An exact reproduction of the listing, minus the pictures, is the required output.
· · ·
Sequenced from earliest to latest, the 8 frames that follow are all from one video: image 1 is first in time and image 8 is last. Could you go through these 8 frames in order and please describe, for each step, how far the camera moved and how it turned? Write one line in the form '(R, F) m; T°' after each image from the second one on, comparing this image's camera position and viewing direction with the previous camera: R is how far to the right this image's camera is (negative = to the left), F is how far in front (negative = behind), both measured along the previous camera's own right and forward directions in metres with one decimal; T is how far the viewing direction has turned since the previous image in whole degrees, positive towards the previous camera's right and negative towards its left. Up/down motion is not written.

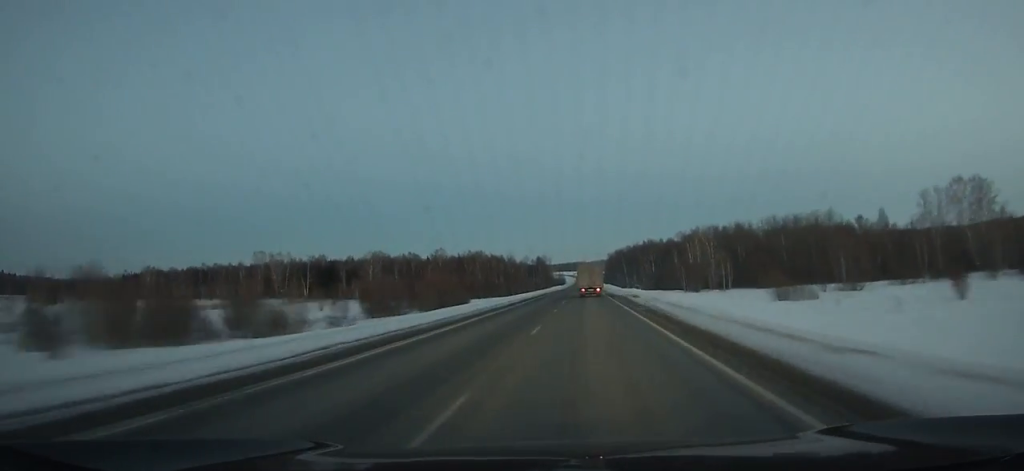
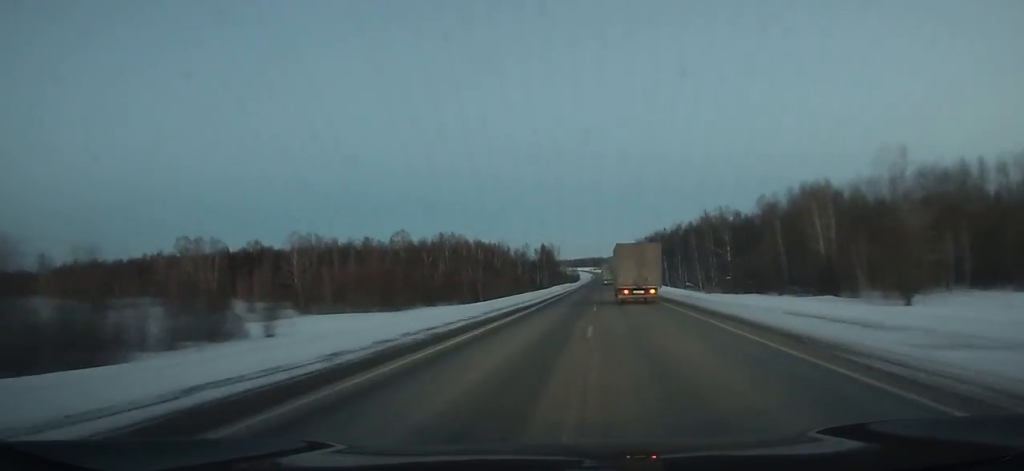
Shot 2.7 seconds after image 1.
(-0.4, +75.0) m; 0°
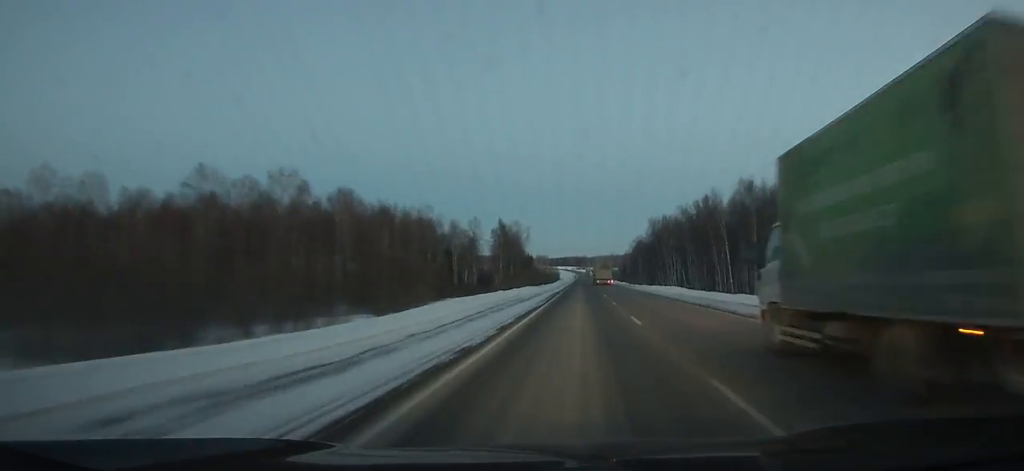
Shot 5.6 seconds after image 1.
(+0.6, +82.2) m; +1°
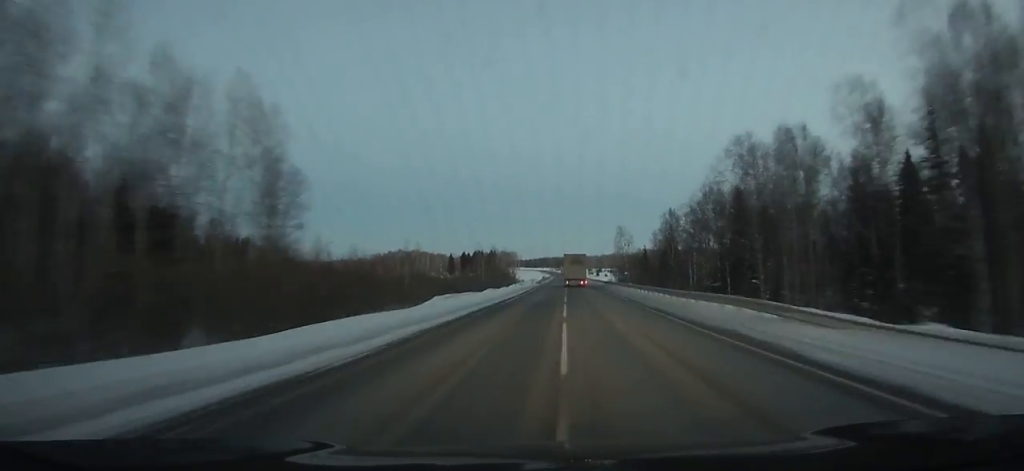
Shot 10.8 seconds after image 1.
(+2.5, +146.6) m; +1°
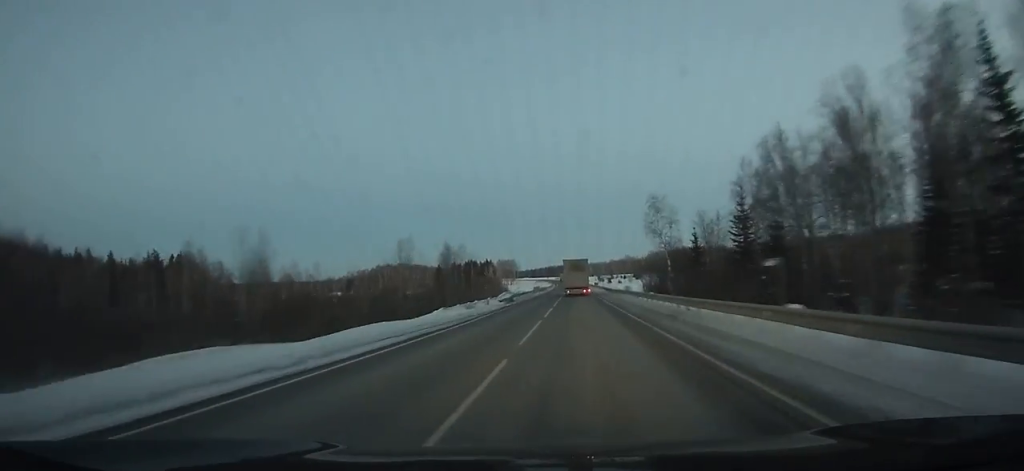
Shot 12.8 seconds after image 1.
(+0.1, +54.8) m; 0°
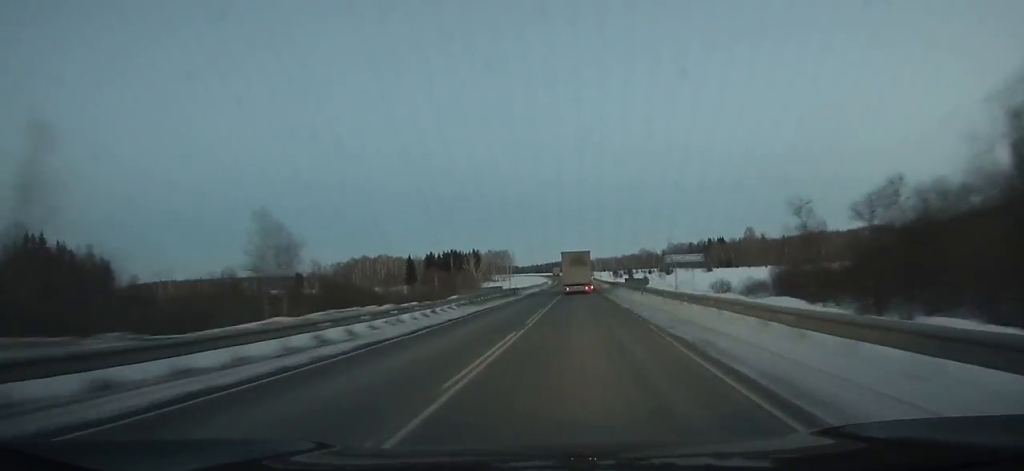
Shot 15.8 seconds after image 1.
(-0.3, +79.3) m; -1°
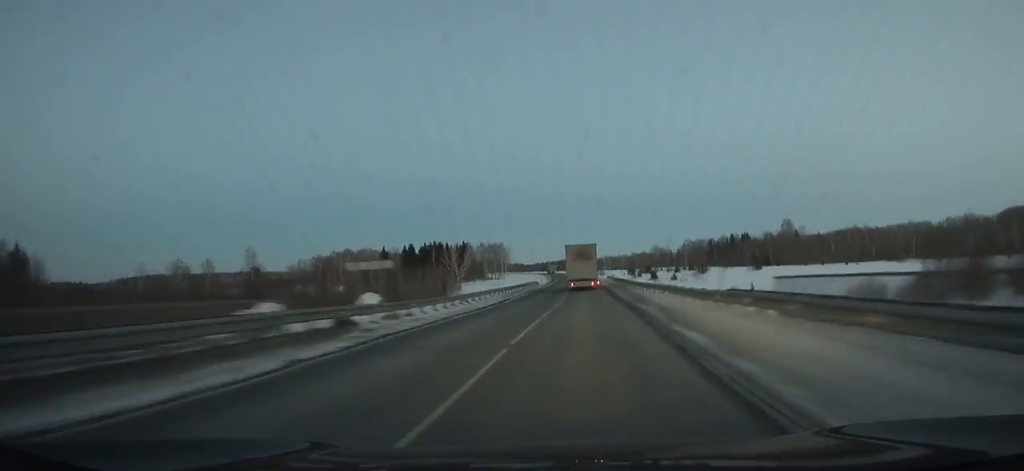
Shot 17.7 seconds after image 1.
(-0.2, +48.7) m; -1°
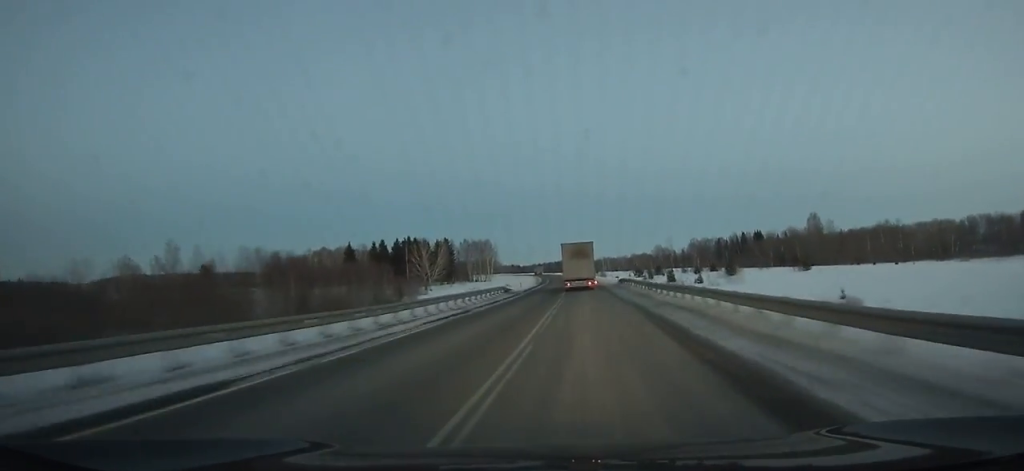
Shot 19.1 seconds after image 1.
(-0.2, +34.9) m; -1°
· · ·
**SOLUTION BELOW**
Sequenced from earliest to latest, the 8 frames that follow are all from one video: image 1 is first in time and image 8 is last. Could you go through these 8 frames in order and please describe, for each step, how far the camera moved and how it turned? Write one line in the form '(R, F) m; T°' after each image from the second one on, comparing this image's camera position and viewing direction with the previous camera: R is how far to the right this image's camera is (negative = to the left), F is how far in front (negative = behind), both measured along the previous camera's own right and forward directions in metres with one decimal; T is how far the viewing direction has turned since the previous image in whole degrees, positive towards the previous camera's right and negative towards its left. Up/down motion is not written.

Shot 2.7 seconds after image 1.
(-0.4, +75.0) m; 0°
Shot 5.6 seconds after image 1.
(+0.6, +82.2) m; +1°
Shot 10.8 seconds after image 1.
(+2.5, +146.6) m; +1°
Shot 12.8 seconds after image 1.
(+0.1, +54.8) m; 0°
Shot 15.8 seconds after image 1.
(-0.3, +79.3) m; -1°
Shot 17.7 seconds after image 1.
(-0.2, +48.7) m; -1°
Shot 19.1 seconds after image 1.
(-0.2, +34.9) m; -1°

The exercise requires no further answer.